PagSeguro Digital is a foreign private issuer and, as a result, in accordance with the listing requirements of the NYSE we rely on certain home country governance practices from the Cayman Islands, rather than the corporate governance requirements of the NYSE.
We report under the Exchange Act as a non-U.S. company with foreign private issuer status. The NYSE rules provide that foreign private issuers are permitted to follow home country practice in lieu of certain NYSE corporate governance standards. The standards applicable to us are considerably different from the standards applied to U.S. domestic issuers. For instance, we are not required to:
•have a majority of independent members on our board of directors (other than as may result from the requirements for the audit committee member independence under the Exchange Act);
•have a minimum of three members on our audit committee;
•have a compensation committee or a nominating and corporate governance committee;
•have regularly scheduled executive sessions of our board that consist of independent directors only; or
•adopt and disclose a code of business conduct and ethics for directors, officers and employees.
As a foreign private issuer, we may follow home country practice from the Cayman Islands in lieu of the above requirements. Therefore, the approach to governance adopted by our board of directors may be different from that of a board of directors consisting of a majority of independent directors, and, as a result, our management oversight may be more limited than if we were subject to all of the NYSE corporate governance standards. Accordingly, you may not have the same protections afforded to shareholders of companies that are not foreign private issuers.
Although we do not expect to be a passive foreign investment company, or PFIC, for U.S. federal income tax purposes, there can be no assurance that we will not be a PFIC for any taxable year, which could subject United States investors in our shares to significant adverse U.S. federal income tax consequences.
We do not expect to be a PFIC for the current taxable year or any future year, based on our current business plans. However, whether we are a PFIC will be determined annually based upon the composition and nature of our income, the composition, nature and valuation of our assets (including goodwill), all of which are subject to change, and which may be determined in large part by reference to the market value of our shares, which may be volatile, and our corporate structure and the classification for U.S. federal income tax purposes of our subsidiaries. The determination of whether we are a PFIC will also depend upon the application of complex U.S. federal income tax rules concerning the classification of our assets (including goodwill) and income for this purpose, and the application of these rules is uncertain in some respects. Moreover, the determination of the value of our assets (including goodwill and certain intangible assets) may depend on our market capitalization, and that market capitalization may fluctuate. Accordingly, due to the lack of directly applicable authority regarding the foregoing, there can be no assurance that the IRS will not challenge any determination by us that we are not a PFIC.
If we were classified as a PFIC, special adverse U.S. federal tax rules would generally apply to a United States Holder (as defined in “Item 10. Additional Information—Taxation—U.S. Federal Income Tax Considerations”) that holds our Class A common shares.
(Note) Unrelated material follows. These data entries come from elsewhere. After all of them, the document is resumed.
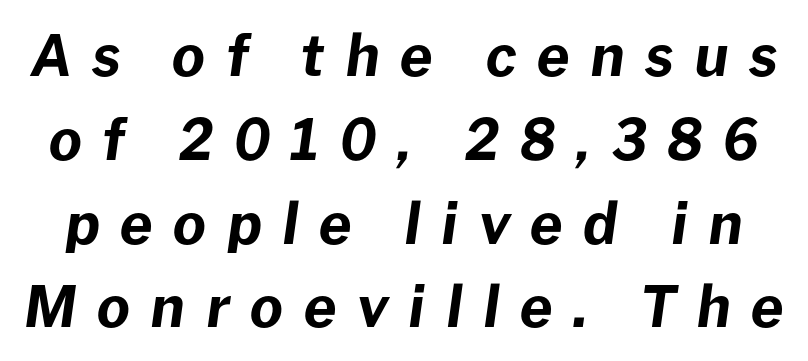
Q: Is the text bold? A: Yes.
Q: Is the text italic (slanted)? A: Yes, it leans right by about 8 degrees.
Q: Is the text underlined? A: No.
Q: Is the spacing between letters normal or unusually wide? A: Unusually wide.
Q: Is the spacing between lines tight, normal or loose? A: Normal.
Q: Width (condensed, normal, or wide)? A: Normal.
Q: Stroke contrast? A: Low.
Q: x-height? A: Medium.
Q: Monospaced? A: No.

United States Holders are urged to consult their own tax advisors with respect to the potential tax consequences of the PFIC rules to their particular circumstances.
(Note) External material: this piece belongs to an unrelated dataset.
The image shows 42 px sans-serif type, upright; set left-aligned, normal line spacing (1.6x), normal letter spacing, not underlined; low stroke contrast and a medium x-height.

Our Class A common shares may not be a suitable investment for all investors, as investment in our Class A common shares presents risks and the possibility of financial losses.
The investment in our Class A common shares is subject to risks. Investors who wish to invest in our Class A common shares are thus subject to asset losses, including loss of the entire value of their investment, as well as other risks, including those related to our Class A common shares, the company, the sector in which we operate, our shareholders and the general macroeconomic environment in Brazil and all other countries in the world, among other risks.
Each potential investor in our Class A common shares must therefore determine the suitability of that investment in light of its own circumstances. In particular, each potential investor should:
•have sufficient knowledge and experience to make a meaningful evaluation of our Class A common shares, the merits and risks of investing in our Class A common shares and the information contained in this annual report;
•have access to, and knowledge of, appropriate analytical tools to evaluate, in the context of its particular financial situation, an investment in our Class A common shares and the impact our Class A common shares will have on its overall investment portfolio;
•have sufficient financial resources and liquidity to bear all of the risks of an investment in our Class A common shares;
•understand thoroughly the terms of our Class A common shares and be familiar with the behavior of any relevant indices and financial markets; and
•be able to evaluate (either alone or with the help of a financial advisor) possible scenarios for economic, interest rate and other factors that may affect its investment and its ability to bear the applicable risks.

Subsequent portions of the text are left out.